How to Use Inflation to Prosper

Is inflation good or bad?

It depends on your point of view.

I used to buy gas for $0.59/gallon. Yesterday I paid $2.27/gallon to fill my truck. (Gas is cheap in Texas.) That’s a big cost increase for me.

On the other hand, I once bought a property for $83,000. Now it’s worth $265,000. That’s a nice profit for me.


Most of us know that inflation is ever-present. Let’s start by defining why it exists.

Simply defined, inflation is the slow and relentless erosion of a currency’s buying power. This is evidenced by the increasing price of groceries, gas, lumber, housing and education, to name a few.
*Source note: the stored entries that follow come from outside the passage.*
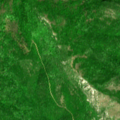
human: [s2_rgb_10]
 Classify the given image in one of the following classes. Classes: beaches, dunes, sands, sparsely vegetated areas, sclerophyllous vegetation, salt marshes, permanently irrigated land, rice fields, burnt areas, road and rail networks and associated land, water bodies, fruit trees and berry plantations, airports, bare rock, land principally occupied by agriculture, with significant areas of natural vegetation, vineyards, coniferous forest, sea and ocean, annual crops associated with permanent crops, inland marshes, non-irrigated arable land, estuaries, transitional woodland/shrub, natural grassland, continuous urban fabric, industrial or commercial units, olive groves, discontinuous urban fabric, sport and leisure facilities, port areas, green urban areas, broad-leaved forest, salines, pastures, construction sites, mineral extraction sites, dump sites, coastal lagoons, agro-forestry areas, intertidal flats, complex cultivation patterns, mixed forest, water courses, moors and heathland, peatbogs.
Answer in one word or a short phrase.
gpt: broad-leaved forest, natural grassland, transitional woodland/shrub
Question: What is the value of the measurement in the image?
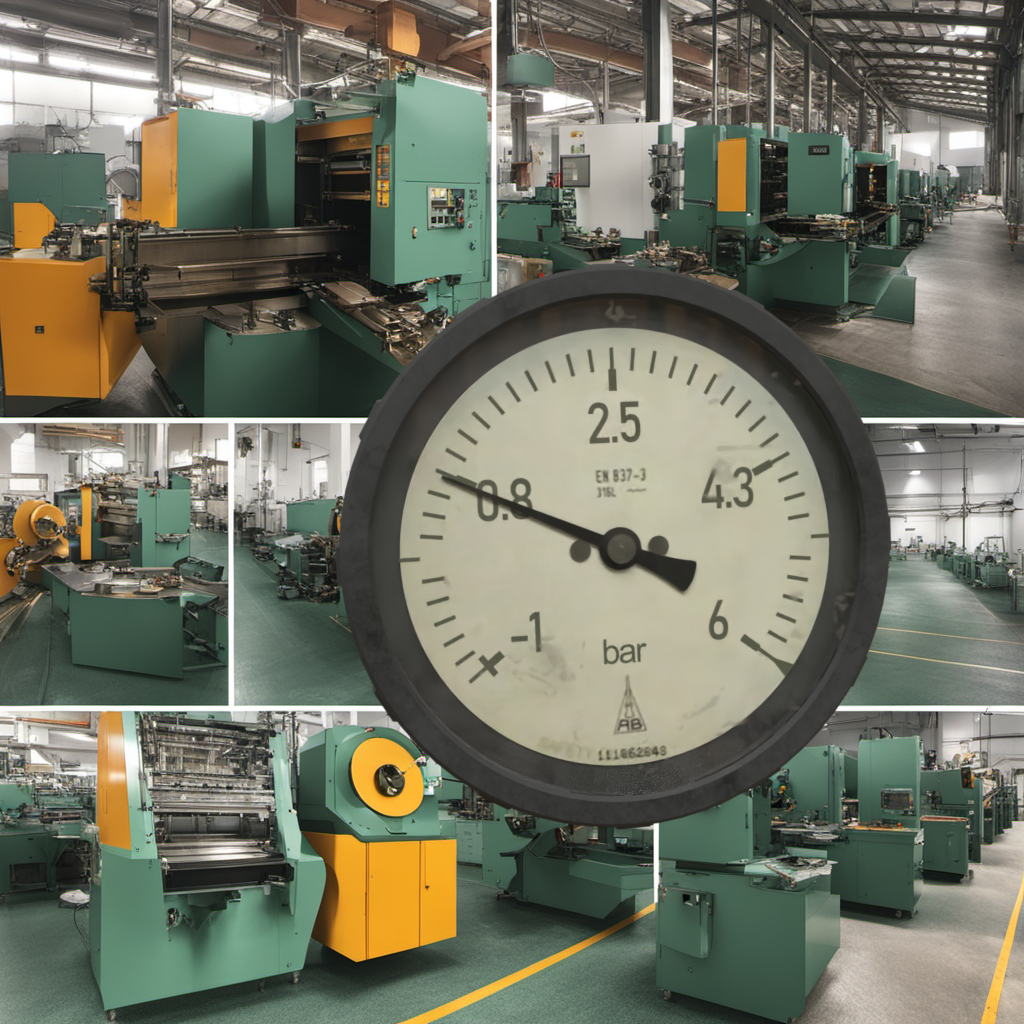
Answer: The result is 0.72
Question: What is the value range of the measurement in the image?
Answer: The range is from -1 to 6
Question: What is the minimum and maximum value of the measurement shown in the image?
Answer: The minimum value is -1 and the maximum value is 6

The cause is related to three primary factors:

  1. Component costs increase for businesses, cars, refrigerators, houses, etc. That raises the cost of the finished product or service.
  2. The law of supply and demand. Increasing demand for products will raise prices.
  3. Increased money supply. Governments are prone to print money, which creates too much money to chase too few goods and services.

Effect on Your Dollars

These factors have had their effect to varying degrees over the past century, as evidenced by the graph below. The dollar has lost over 96% of its buying power in the last hundred years.

Over the past twenty years, inflation hasn’t been a big worry, and has been running at roughly 2%. (Disclaimer: This is the official government number and is based on a specific, narrow set of criteria. Real consumer inflation is much higher, but I won’t try to quantify it here. The effect on your spendable currency is much worse.) In real terms, that means that your dollar today will buy ninety-eight cents of product one year from now. That doesn’t sound so bad, does it?
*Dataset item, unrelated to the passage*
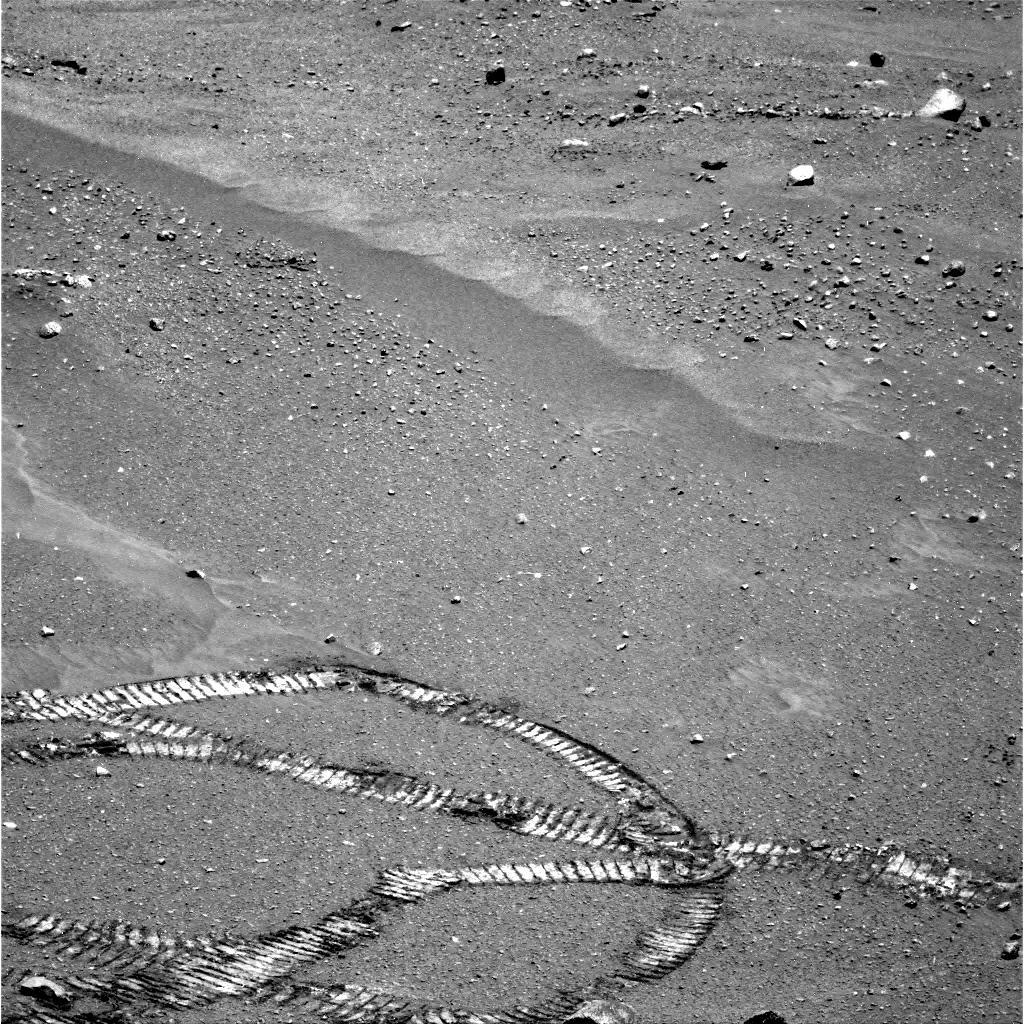
Terrain classes present: Bedrock, Gravel / Sand / Soil, Rock, Shadow, Track

Take that process out five years and your dollar now only buys ninety cents worth of product. That’s starting to hurt a little, isn’t it?

Imagine if you had a savings account of one-million dollars. In five years, it would only buy $900,000 worth of product. That’s a $100,000 loss, simply due to inflation.

Increase that inflation rate to 3% and the “loss” on that million dollars is now $141,266. Ouch!

As noted in the graph below, the long-term average inflation rate from 1913-2020 was 3.1%. The average inflation rate over the past 20 years has only been 2.15%. It is during the past two decades that most people reading this post have either entered the workforce or started their investing careers..

If you had $100,000 in 2000, due to inflation, it would only buy $65,411 worth of product today. Put differently, for something worth $100,000 in 2000, you would have to pay $152,877 today.

We have benefitted from low inflation rates for the past 30 years and most investors could assume that is the norm. How much worse will those numbers be if we experience higher inflation rates?

If not managed, inflation will silently steal your money. Former President Ronald Reagan put it this way, “Inflation is as violent as a mugger, as frightening as an armed robber and as deadly as a hit man.”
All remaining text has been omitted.